O relógio avança, impiedoso. Encurta o tempo útil que a vida conhece. Cada segundo que passa, mesmo os muitos segundos que nem sequer se dá conta que foram esvaídos, é matéria inerte emoldurada num retrato dos tempos idos. Apenas nostalgia, naqueles dias em que a revisitação do passado entrega o presente nos braços da letargia. A consciência de que o tempo definha, inexorável.
Ao mesmo tempo, a urgência em chegar mais cedo às rotinas. Uns minutos mais cedo, fosse a poupança de tempo legar um balão de oxigénio que prolonga o tempo útil da existência. E, contudo, a perplexidade vagueia com uma interrogação lancinante: apressar os ritmos será chegar mais cedo também ao destino final, num encadeamento acelerado que traz o desfecho extemporâneo? Os olhos são a imagem da voragem dos sentidos, devoram a informação que plana em cima da cabeça, as artes que se entregam no regaço, as sensações inexprimíveis que os sentimentos nutridos por outros acalentam. Há, na pressa de viver, a urgência em morrer?
Por vezes, a inquietação de sentir que a urgência do modo não é elixir. Os passos apressados, o encurtamento dos minutos, a catadupa de coisas agendadas – tudo arroteia o agreste terreno para depois perceber que muito mais há-de ficar por ver, por fazer, por dizer. Então a angústia nomeia uma larga avenida no labirinto das emoções. Uma confluência de sentimentos ambíguos – doce e amargo, a cor e o negro embaciado que tolda a imagem, tudo o mais no seu profundo contraste.

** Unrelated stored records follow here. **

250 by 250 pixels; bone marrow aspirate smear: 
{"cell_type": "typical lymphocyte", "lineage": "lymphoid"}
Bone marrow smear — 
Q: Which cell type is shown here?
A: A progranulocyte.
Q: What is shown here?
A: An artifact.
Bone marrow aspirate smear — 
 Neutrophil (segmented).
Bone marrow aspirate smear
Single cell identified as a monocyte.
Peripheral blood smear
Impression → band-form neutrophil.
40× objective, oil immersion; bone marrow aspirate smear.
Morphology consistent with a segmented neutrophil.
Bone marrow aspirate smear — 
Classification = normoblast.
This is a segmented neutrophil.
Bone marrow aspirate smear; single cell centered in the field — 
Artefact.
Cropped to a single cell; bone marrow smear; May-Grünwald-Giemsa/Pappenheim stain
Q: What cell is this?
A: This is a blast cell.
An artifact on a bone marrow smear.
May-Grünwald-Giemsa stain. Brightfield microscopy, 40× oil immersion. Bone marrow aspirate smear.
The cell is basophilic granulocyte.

Sucessão de passos acelerados e de quedas em profundos precipícios, tão profundos que o corpo parece planar na imensidão do vazio, sem lugar para a queda amortecer.
Tudo se passa no interior de um pesadelo. Enquanto o corpo se debate na vertiginosa queda, o tempo parece ter parado. Desfilam as imagens nevrálgicas do passado, os momentos que compensa relembrar e aqueles que a memória quer cegar. Toda uma experiência de vida compulsada nos escassos momentos do mergulho no precipício. O corpo nunca chega a estatelar-se. O sonho termina antes, mesmo antes do chão ameaçador se fazer campa voraz.

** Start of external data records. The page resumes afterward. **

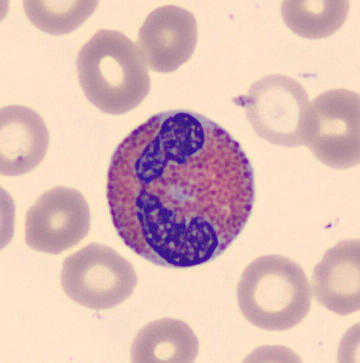

Acquisition: Peripheral blood film. Classification: eosinophilic granulocyte.
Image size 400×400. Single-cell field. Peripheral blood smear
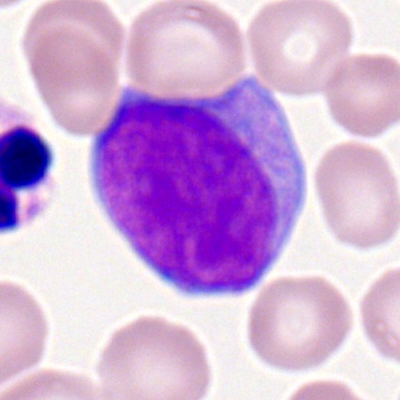

Q: What cell is this?
A: It is a myeloblast.
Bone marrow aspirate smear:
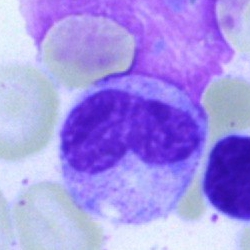

The classification is band-form neutrophil.
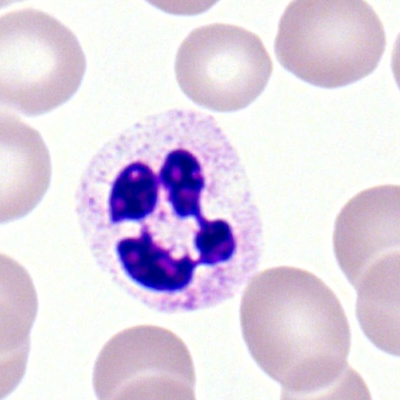
Morphology → neutrophil (segmented).
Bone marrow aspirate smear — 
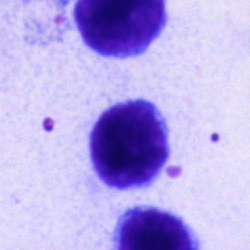

Morphology — lymphocyte.
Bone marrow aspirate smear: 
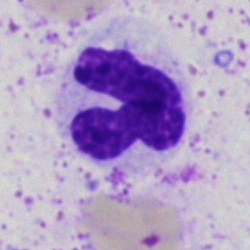 A polymorphonuclear neutrophil.
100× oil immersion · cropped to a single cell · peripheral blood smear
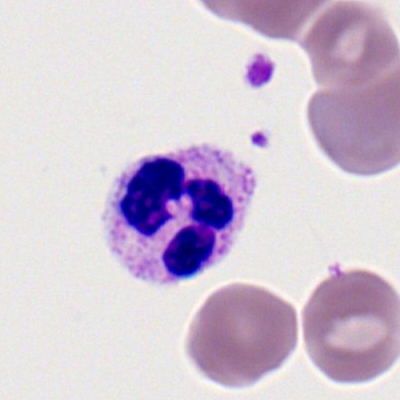

Specimen: peripheral blood film.
Cell type: segmented neutrophil.
Lineage: myeloid.
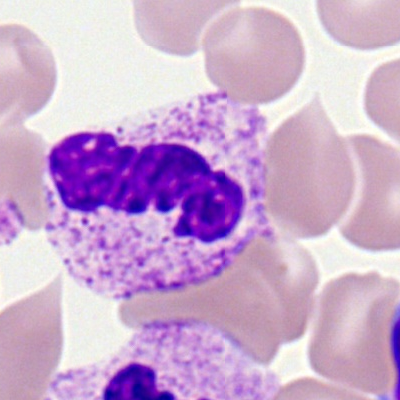Single cell identified as a neutrophil (segmented).
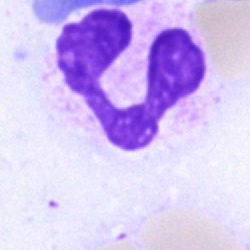
Q: What is the morphological classification of this cell?
A: Segmented neutrophil.
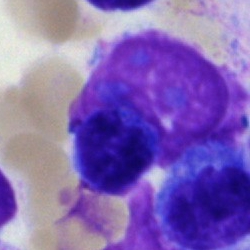
Morphology → lymphocyte.
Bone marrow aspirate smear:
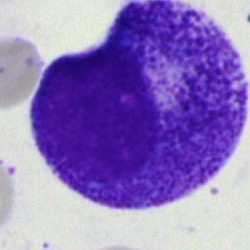 Cell: progranulocyte.
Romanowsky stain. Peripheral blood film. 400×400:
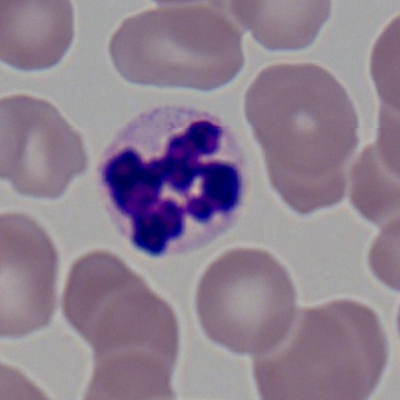
Specimen: peripheral blood smear.
Morphological class: neutrophil (segmented).
Lineage: myeloid.
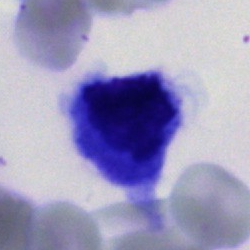

Q: Which cell type is shown here?
A: Unidentifiable cell.
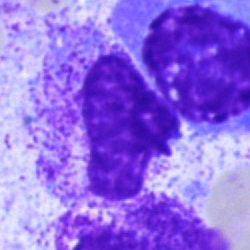

An artefact.
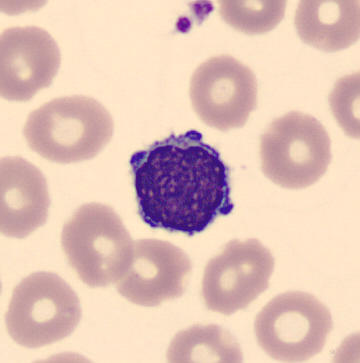
This is a lymphocyte.
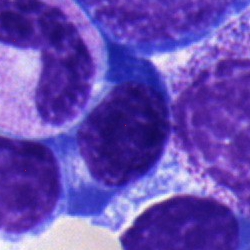
Morphology consistent with a nucleated red cell.
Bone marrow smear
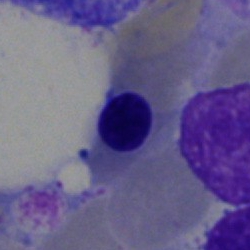

Morphology → erythroblast.
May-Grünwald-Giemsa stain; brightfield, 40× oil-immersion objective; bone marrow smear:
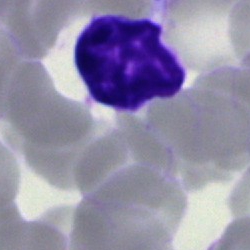Specimen: bone marrow aspirate smear.
Classification: lymphocyte.
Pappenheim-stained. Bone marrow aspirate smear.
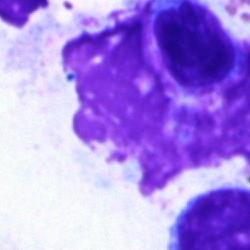

{"cell_type": "artefact"}
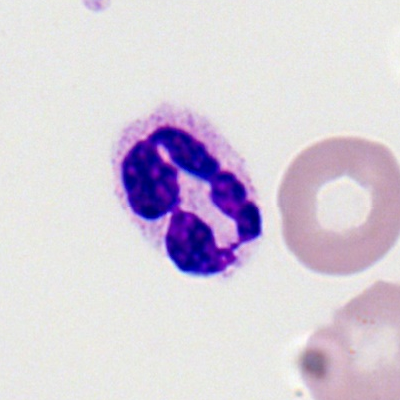

Specimen: peripheral blood smear.
Morphological class: neutrophil (segmented).
Lineage: myeloid.
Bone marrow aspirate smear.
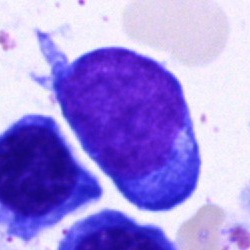

The classification is proerythroblast.

Ao despertar, o sabor ácido do arrependimento. Do muito que não foi feito e de como o tempo já não regressa para resgatar. Do que ficou imortalizado no lugar das memórias não pode haver lugar ao arrependimento. Mesmo que, num esforço maior, recuse olhar para trás do ombro, destapando os fartos cobertores que sedimentam tempos idos, o desconforto ao saber que os ponteiros do relógio anunciam a contagem decrescente. Em vez da tranquila contagem do tempo, sem pressa para degustar a vida como ela é, a urgência do modo. A pressa de viver com receio que ao chegar ao terminal tanto tenha ficado por conhecer. Lá, onde o tempo se compacta para extrair toda a sumarenta existência, sobra a angústia do que parece cedo traga o entardecer das coisas.
O grande paradoxo. Desorientado na encruzilhada fatal. Ora cedo, ora com a perturbante sensação de que já é tarde, ou que a chegada se fez fora do tempo. Os lamentos são apenas choros inconsequentes pelo tempo que não volta a acontecer. Módicos fragmentos dos episódios esparsos, um atrás de outro ceifando os arbustos desalinhados que estorvam a passagem. No calor tórrido do sol no pino do Verão, faúlhas de incêndios que consomem o arvoredo vomitadas das distantes labaredas, poisando no cabelo, cortando a respiração. E o calor abrasador que destila o suor – o suor de quem vive em correria, querendo chegar cedo aos lugares onde só tarde se arriba.
Esse calor dos sentidos tolda o discernimento. É a febre de viver apressadamente que desfaz a tranquilidade, como navio à deriva levado pelo mar tempestuoso contra as rochas que escondem a praia. Fica a dor do embate nas rochas, o rescaldo da urgência do tempo que esquece que só os ponteiros do relógio ditam a sua marcha, não os simulacros que intuem a aceleração do tempo sem perceber que o pavio assim se encurta. Fica uma intensa dor, como se na boca eclodisse uma pedra incandescente: a urgência de cedo chegar imprime a antecipação do final que se anseia sempre adiado. Cedo, ou a sombra do tardio ocaso.